How to complete this task ▸
Write out the data again exactly, skipping every picture.

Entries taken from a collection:
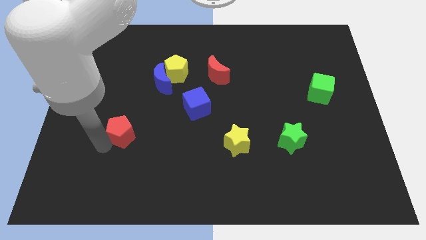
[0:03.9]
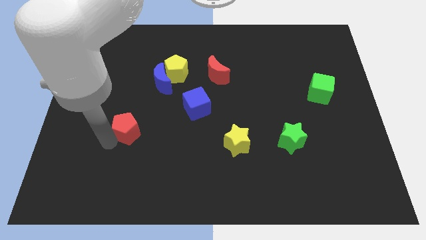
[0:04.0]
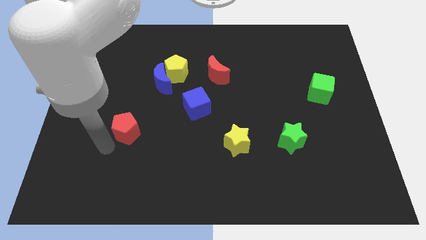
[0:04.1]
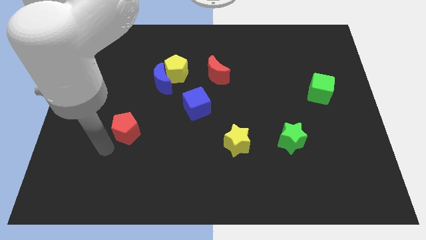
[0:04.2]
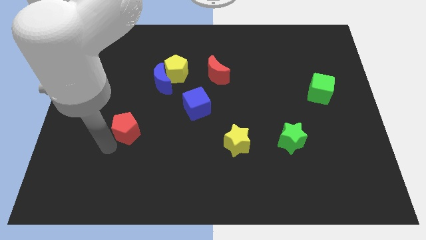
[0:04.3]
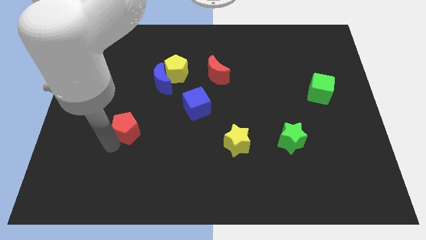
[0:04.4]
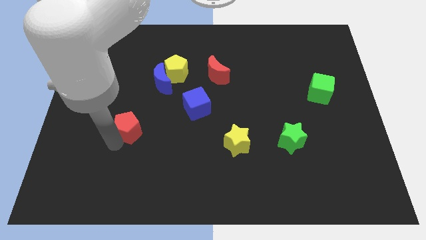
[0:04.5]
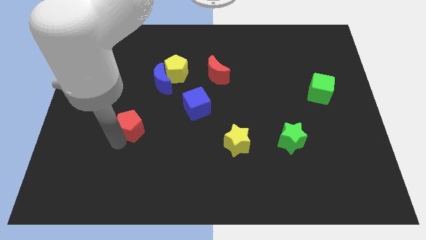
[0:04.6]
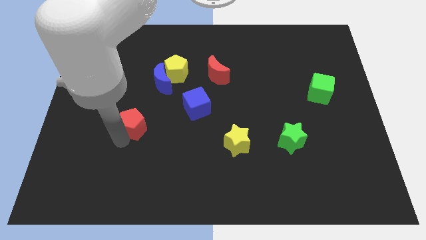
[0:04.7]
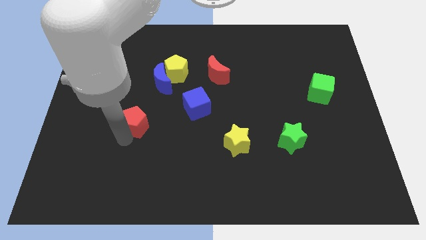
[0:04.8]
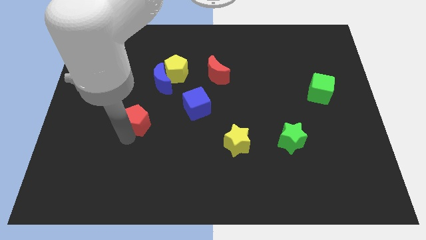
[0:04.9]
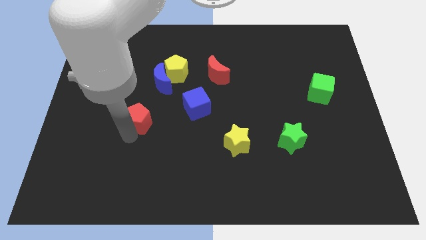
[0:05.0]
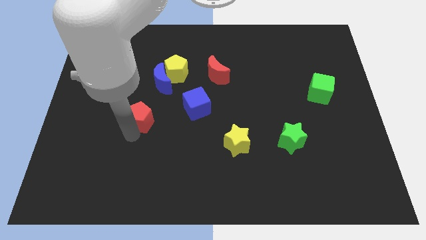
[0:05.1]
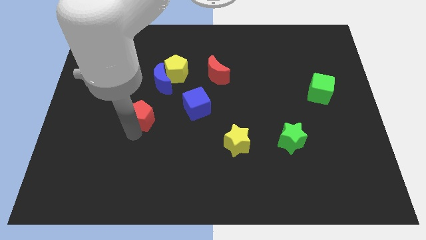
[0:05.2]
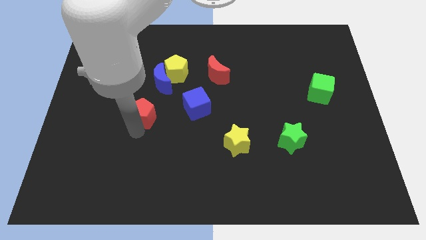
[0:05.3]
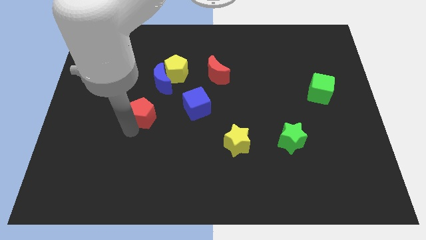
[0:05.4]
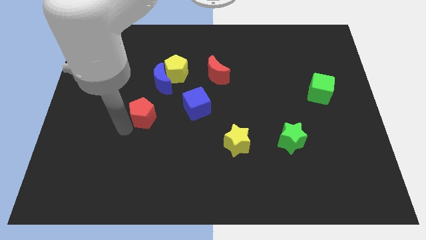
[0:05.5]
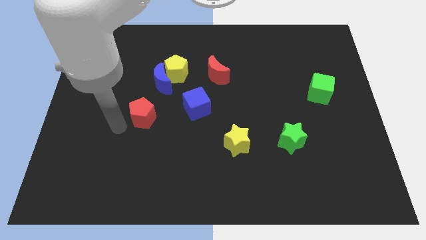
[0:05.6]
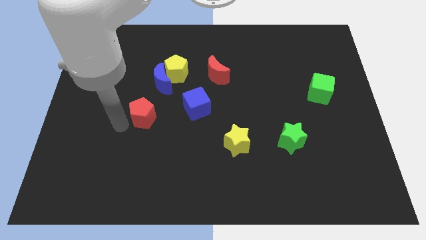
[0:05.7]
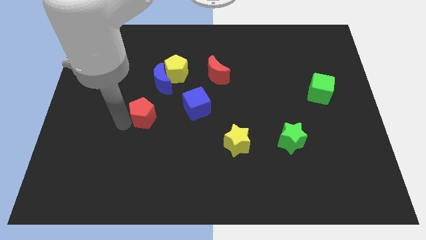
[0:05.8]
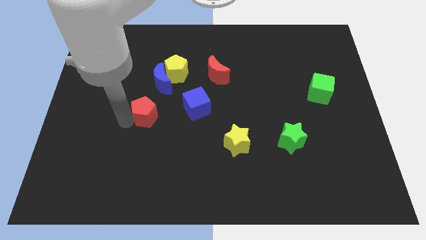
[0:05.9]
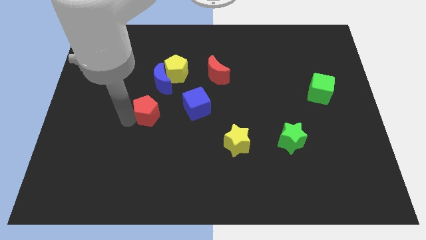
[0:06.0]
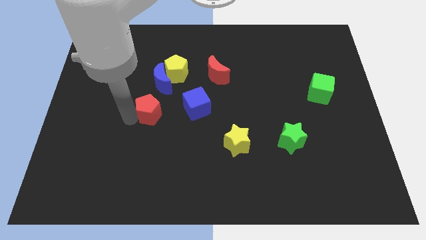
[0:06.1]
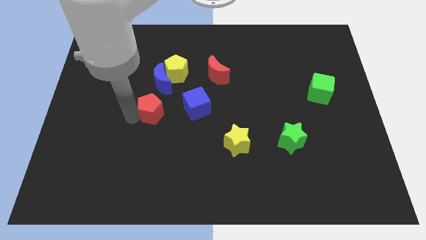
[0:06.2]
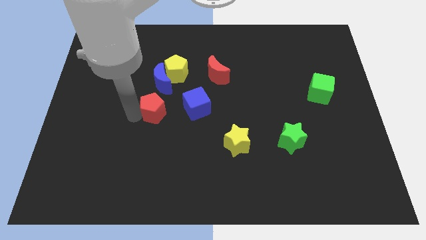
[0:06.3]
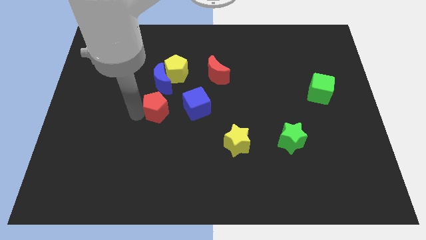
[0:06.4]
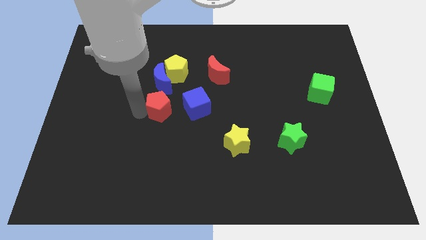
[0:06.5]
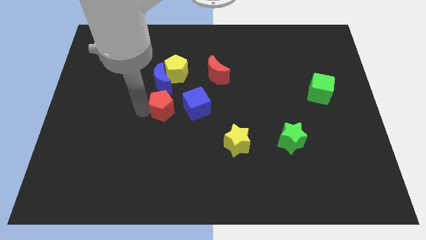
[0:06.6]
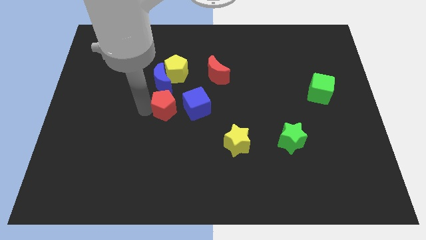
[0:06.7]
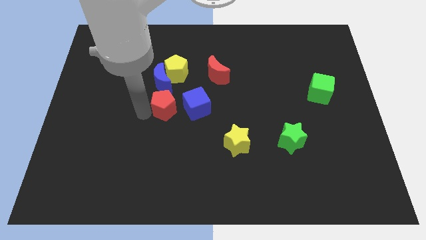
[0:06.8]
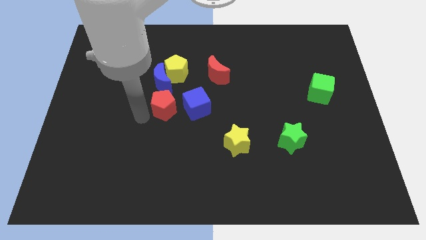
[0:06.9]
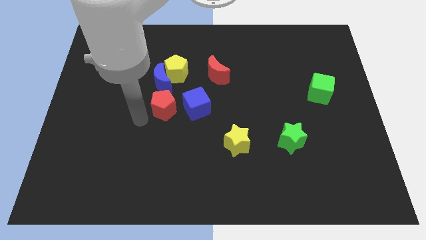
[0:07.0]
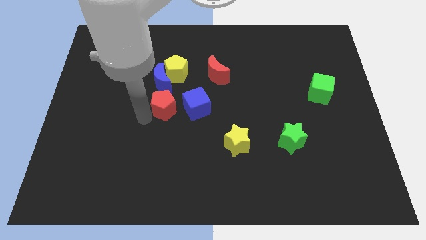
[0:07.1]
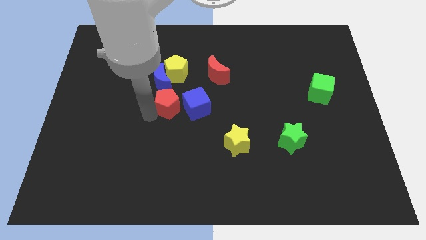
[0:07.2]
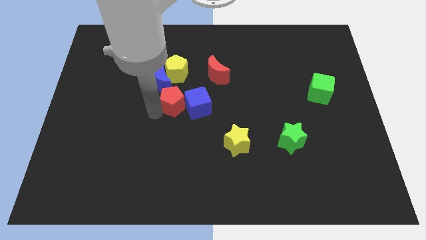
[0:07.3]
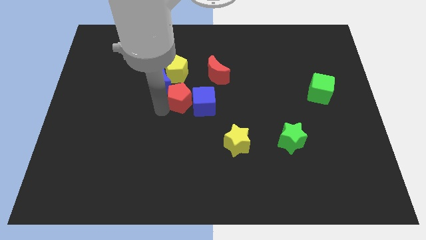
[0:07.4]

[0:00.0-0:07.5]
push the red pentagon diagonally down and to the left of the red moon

Task output ▸
[0:03.9]
[0:04.0]
[0:04.1]
[0:04.2]
[0:04.3]
[0:04.4]
[0:04.5]
[0:04.6]
[0:04.7]
[0:04.8]
[0:04.9]
[0:05.0]
[0:05.1]
[0:05.2]
[0:05.3]
[0:05.4]
[0:05.5]
[0:05.6]
[0:05.7]
[0:05.8]
[0:05.9]
[0:06.0]
[0:06.1]
[0:06.2]
[0:06.3]
[0:06.4]
[0:06.5]
[0:06.6]
[0:06.7]
[0:06.8]
[0:06.9]
[0:07.0]
[0:07.1]
[0:07.2]
[0:07.3]
[0:07.4]

[0:00.0-0:07.5]
push the red pentagon diagonally down and to the left of the red moon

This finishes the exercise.